Lee, 64, comandou a segurança pública de Hong Kong de 2017 a 2021, no período de maior repressão aos protestos pró-democracia, e será o primeiro oficial de segurança a assumir o comando do território.
Lam, por sua vez, deixa o governo após cinco anos como a responsável por enterrar de vez a promessa de que Pequim respeitaria o modo de vida dos honcongueses até 2047, com liberdade de expressão e de imprensa, sob o princípio do “um país, dois sistemas”, acordado na devolução da cidade à China.
Ao menos desde 2003, Pequim reiteradamente endureceu o domínio sobre Hong Kong, mas nada comparado à Lei de Segurança Nacional, que sufocou as manifestações contrárias ao regime comunista.
Desde então, a cidade tem registrado o que dissidentes chamam de diáspora, e a gestão local conta 117,4 mil habitantes a menos entre 2019 e 2021. Alguns países como Reino Unido, Canadá e Austrália criaram programas de asilo político. Só no Reino Unido, cerca de 100 mil honcongueses ganharam visto de residência nos primeiros 12 meses após o governo britânico abrir essa possibilidade, em 2021.
Para Li Xing, professor de relações internacionais da universidade de Aalborg, na Dinamarca, a Lei de Segurança Nacional foi a maneira definitiva que o regime chinês encontrou para lidar com os protestos que, segundo ele, se tornavam mais e mais violentos. Segundo o especialista, é preciso entender os protestos pró-democracia sob a ótica do aumento da rivalidade entre China e potências do Ocidente.
“Todo país tem leis de segurança nacional. Os Estados Unidos proíbem empresas chinesas alegando risco à segurança nacional, como a Huawei”, afirma Xing, dizendo que os manifestantes honcongueses recebiam ajuda do exterior, inclusive em equipamentos como máscaras contra bombas de gás.
Outro fator que o professor aponta para entender as manifestações pró-democracia é uma espécie de ansiedade que tem recaído principalmente sobre os mais jovens pela estagnação da economia da ilha, que desde o fim do século passado cresce em ritmos muito inferiores ao da China continental.
No primeiro trimestre deste ano, enquanto boa parte do mundo se recuperava da pandemia, Hong Kong registrou queda de 3% do PIB em relação ao trimestre anterior, agravado pelo surto de Covid que paralisou a cidade. A taxa de desemprego, antes ao redor dos 3%, está acima de 5% -após chegar a 7% em 2021.

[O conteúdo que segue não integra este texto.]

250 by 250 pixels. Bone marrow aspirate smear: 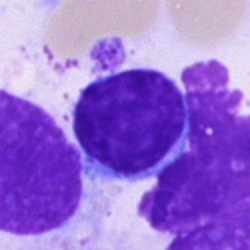Cell type = lymphocyte.

Evandro Menezes de Carvalho, doutor em direito internacional e professor da FGV e da UFF, afirma que o contexto histórico torna ainda mais grave diante dos olhos da China o que pode parecer uma interferência estrangeira, uma vez que o domínio de Hong Kong remonta ao chamado “século da humilhação”, em que potências ocidentais, sobretudo o Reino Unido, destroçaram a economia chinesa.
“Estava lá em 2019 e vi protestos bastante ordeiros, diga-se. Mas vi também alguns manifestantes que empunhavam bandeiras da Inglaterra e pediam uma intervenção britânica. Isso é um problema, sobretudo quando se olha o passado da China, com a própria tomada de Hong Kong e a assinatura de tratados [de cessão de territórios] que até hoje os chineses consideram humilhantes.”
Para Carvalho, “qualquer tipo de crítica ou ação de outro país em relação a Hong Kong pode ser vista como uma intervenção externa em assuntos internos, o que é proibido pelo direito internacional, e não há contestação que a soberania da cidade é da República Popular da China.”
Enquanto isso, a população de Hong Kong já perdeu as esperanças de reformas consideráveis no futuro próximo, diz o dissidente Alex Chow. “Pequim já deixou claro que não vai respeitar mais a regra de um país, dois sistemas. A única maneira de uma mudança expressiva acontecer seria com a queda do regime na China. Aí, quem sabe, poderia haver uma janela para reformas reais. Por enquanto, não tenho esperanças.”